Aim of the exercise: Please print every record below exactly as it appears, but leave out the pictures.

--- START ---

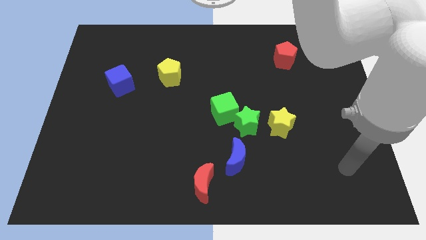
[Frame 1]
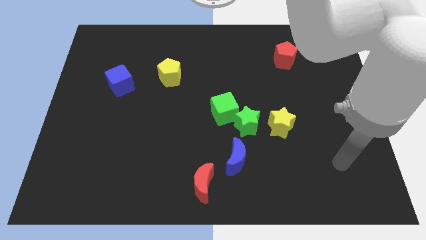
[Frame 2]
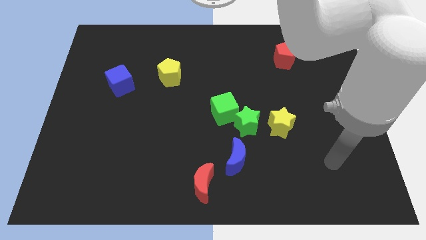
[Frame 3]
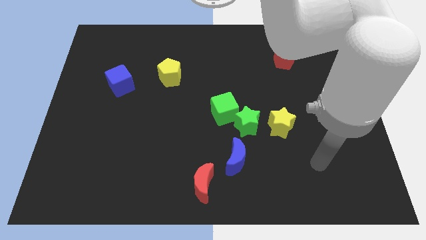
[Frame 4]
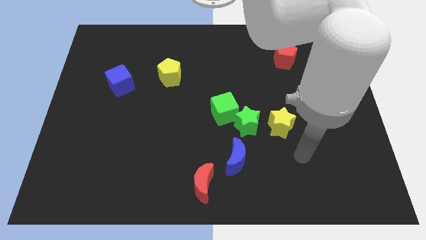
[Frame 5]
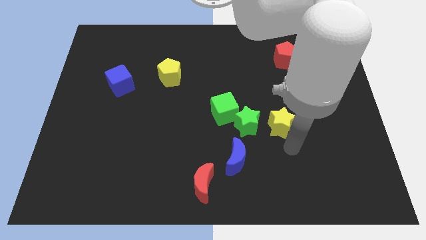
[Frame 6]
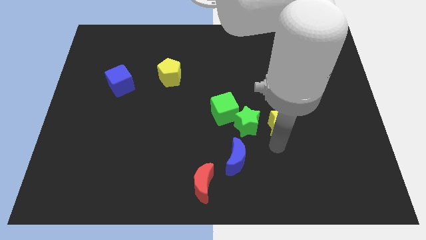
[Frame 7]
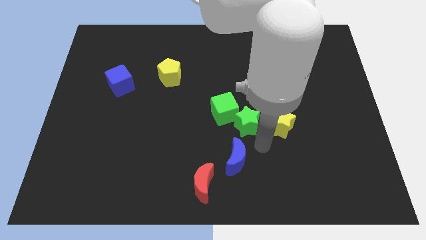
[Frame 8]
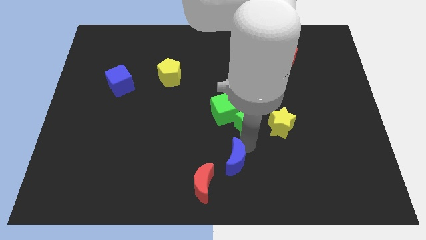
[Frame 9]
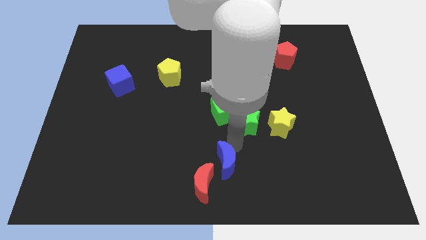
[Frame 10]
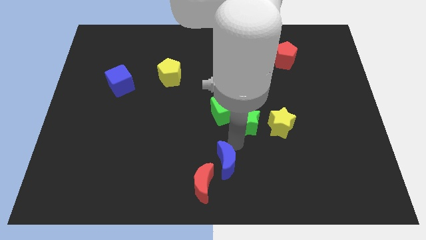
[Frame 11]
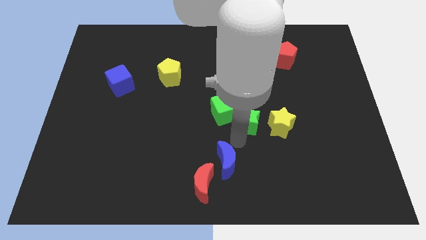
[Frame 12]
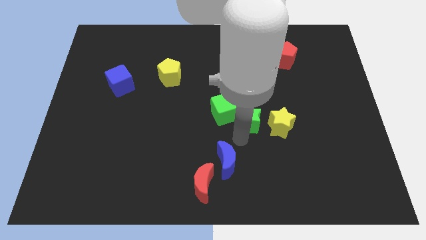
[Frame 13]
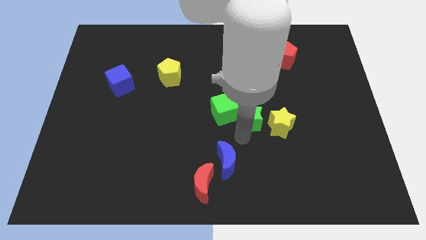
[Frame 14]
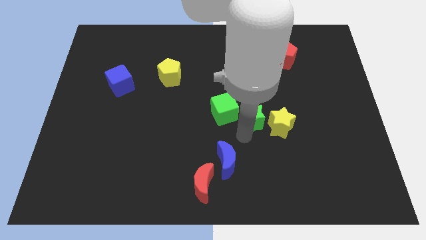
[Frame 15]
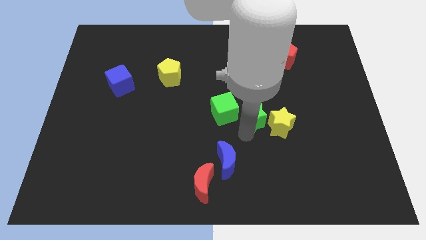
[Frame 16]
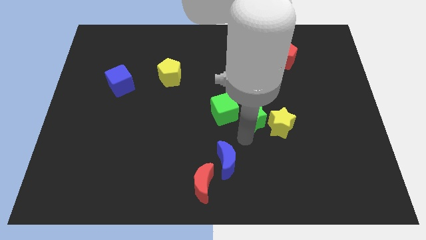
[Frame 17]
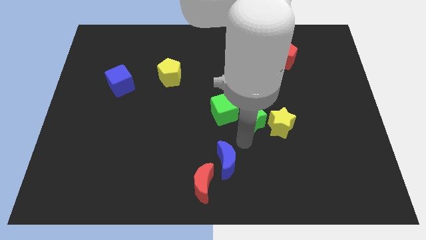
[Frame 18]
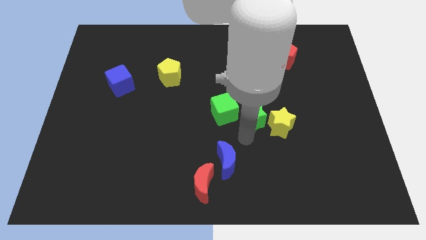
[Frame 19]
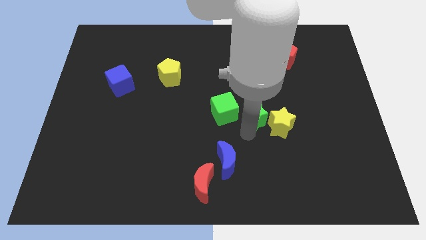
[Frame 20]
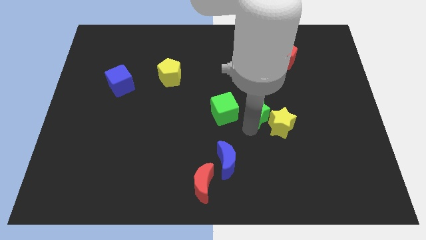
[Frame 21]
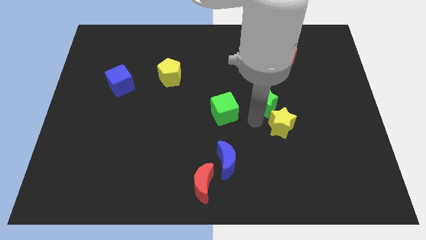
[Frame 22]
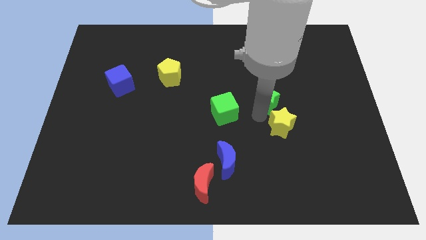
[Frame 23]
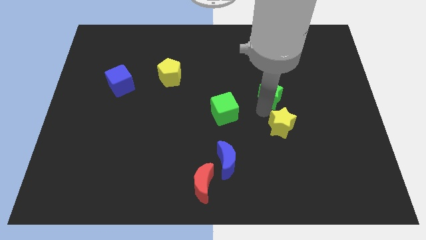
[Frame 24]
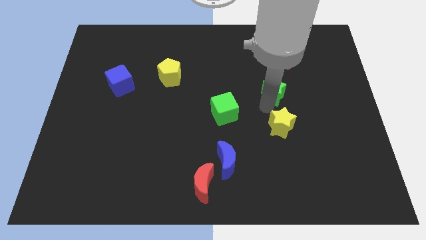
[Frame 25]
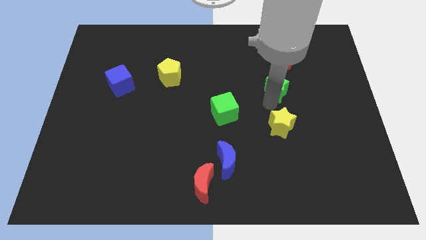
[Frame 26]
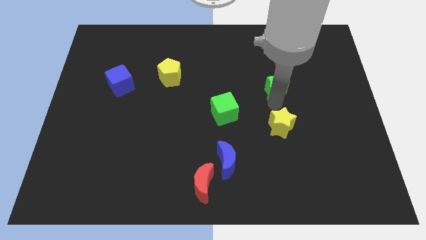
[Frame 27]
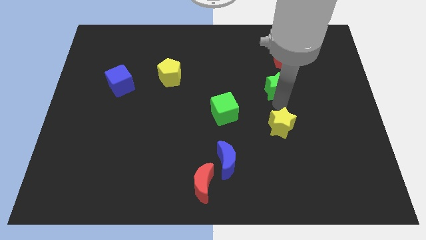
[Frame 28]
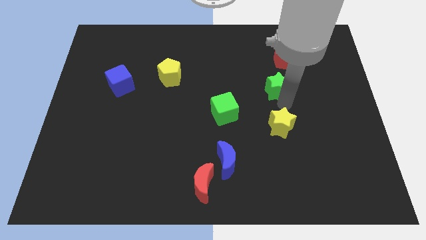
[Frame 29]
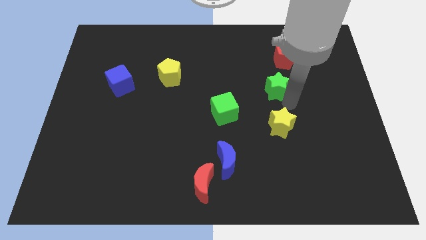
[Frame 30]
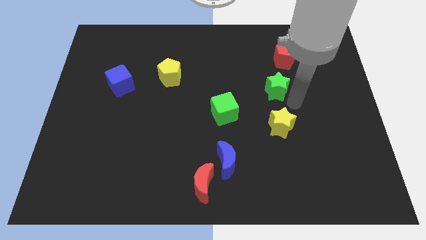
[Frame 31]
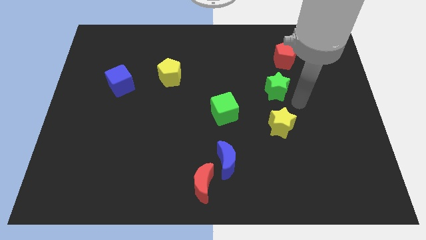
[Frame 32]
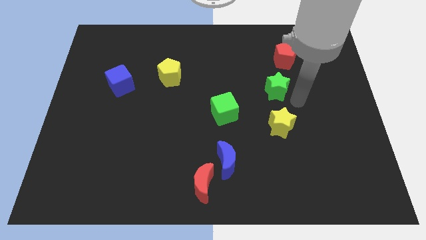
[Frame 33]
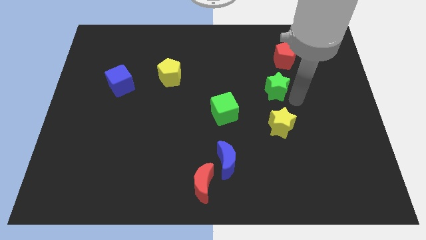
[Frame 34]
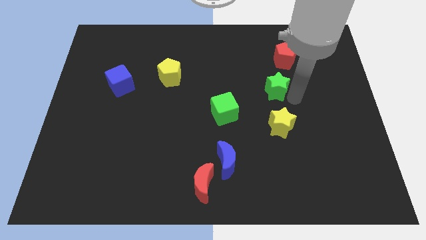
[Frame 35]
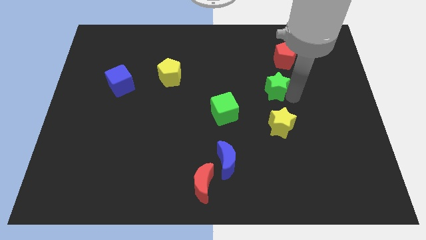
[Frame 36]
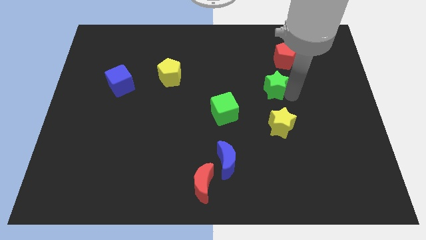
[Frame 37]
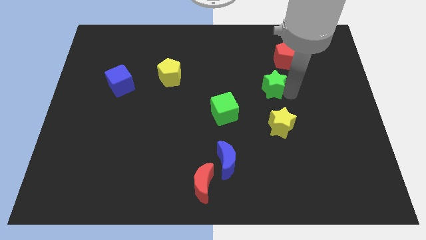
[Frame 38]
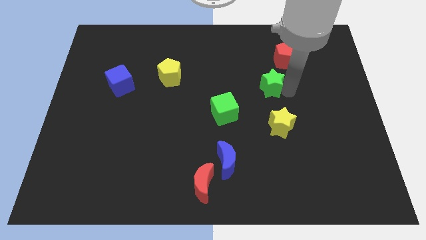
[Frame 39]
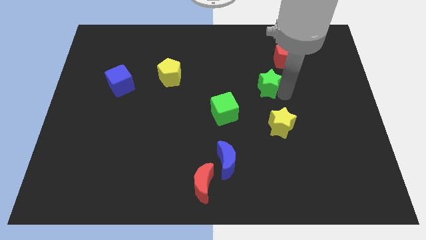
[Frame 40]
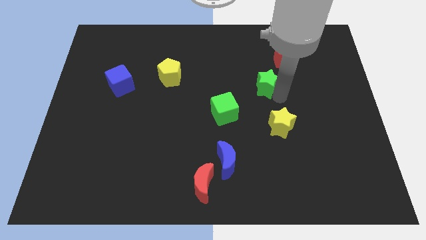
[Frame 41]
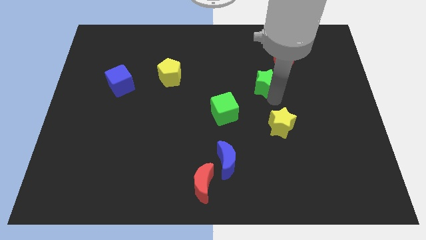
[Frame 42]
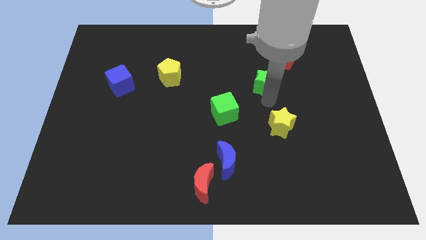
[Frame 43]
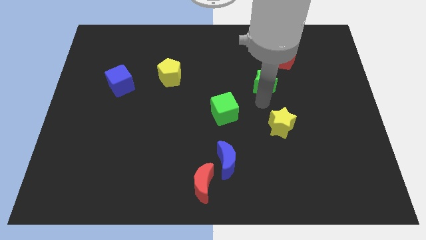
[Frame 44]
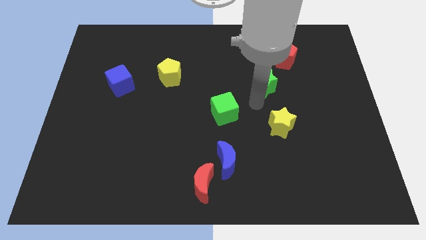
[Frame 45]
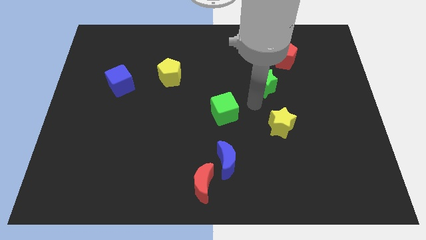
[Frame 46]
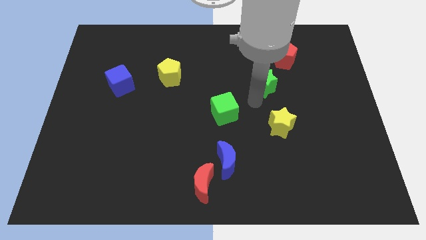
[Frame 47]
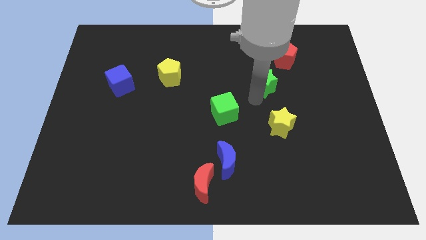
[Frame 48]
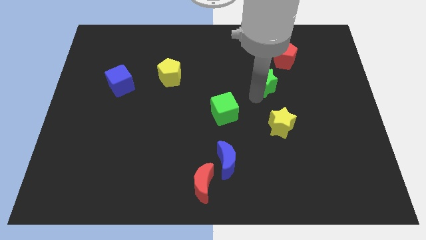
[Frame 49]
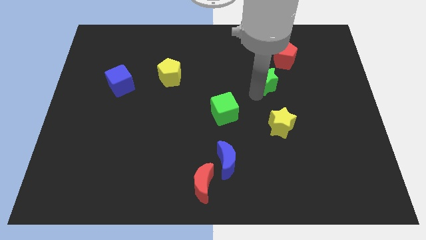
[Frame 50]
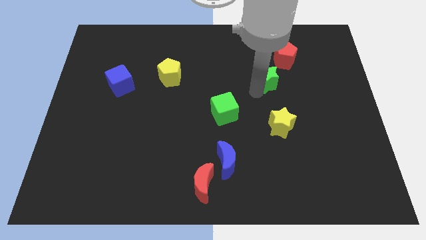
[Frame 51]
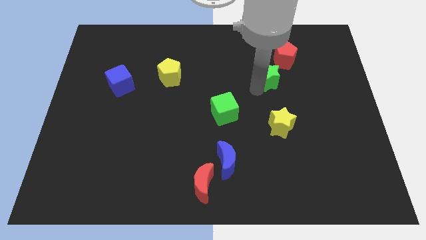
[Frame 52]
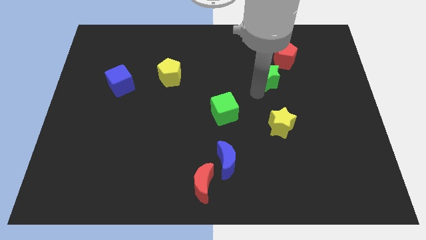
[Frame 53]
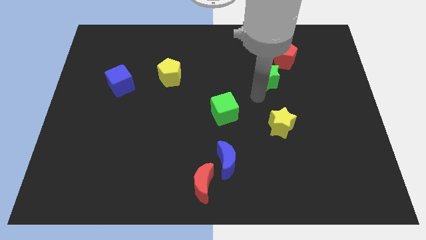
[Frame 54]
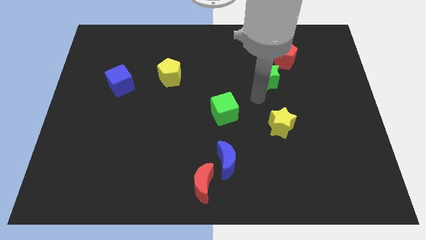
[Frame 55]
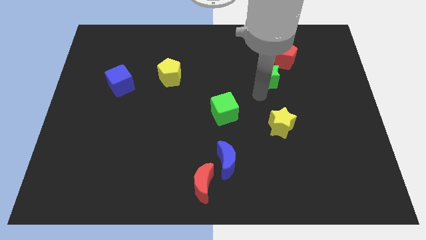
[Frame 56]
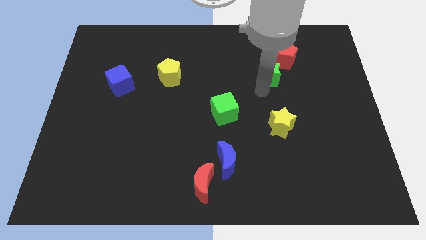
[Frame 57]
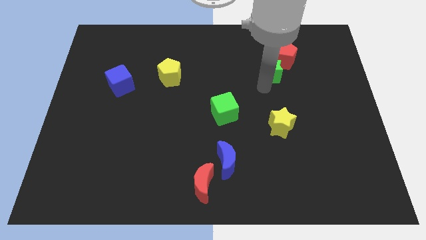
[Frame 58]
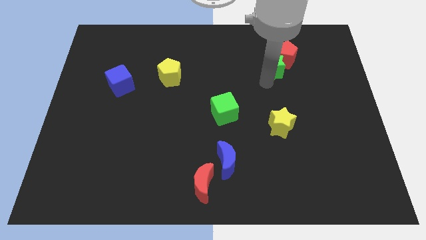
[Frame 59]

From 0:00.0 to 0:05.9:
put the green star next to the red pentagon

--- END ---

Solution to the exercise:
[Frame 1]
[Frame 2]
[Frame 3]
[Frame 4]
[Frame 5]
[Frame 6]
[Frame 7]
[Frame 8]
[Frame 9]
[Frame 10]
[Frame 11]
[Frame 12]
[Frame 13]
[Frame 14]
[Frame 15]
[Frame 16]
[Frame 17]
[Frame 18]
[Frame 19]
[Frame 20]
[Frame 21]
[Frame 22]
[Frame 23]
[Frame 24]
[Frame 25]
[Frame 26]
[Frame 27]
[Frame 28]
[Frame 29]
[Frame 30]
[Frame 31]
[Frame 32]
[Frame 33]
[Frame 34]
[Frame 35]
[Frame 36]
[Frame 37]
[Frame 38]
[Frame 39]
[Frame 40]
[Frame 41]
[Frame 42]
[Frame 43]
[Frame 44]
[Frame 45]
[Frame 46]
[Frame 47]
[Frame 48]
[Frame 49]
[Frame 50]
[Frame 51]
[Frame 52]
[Frame 53]
[Frame 54]
[Frame 55]
[Frame 56]
[Frame 57]
[Frame 58]
[Frame 59]

From 0:00.0 to 0:05.9:
put the green star next to the red pentagon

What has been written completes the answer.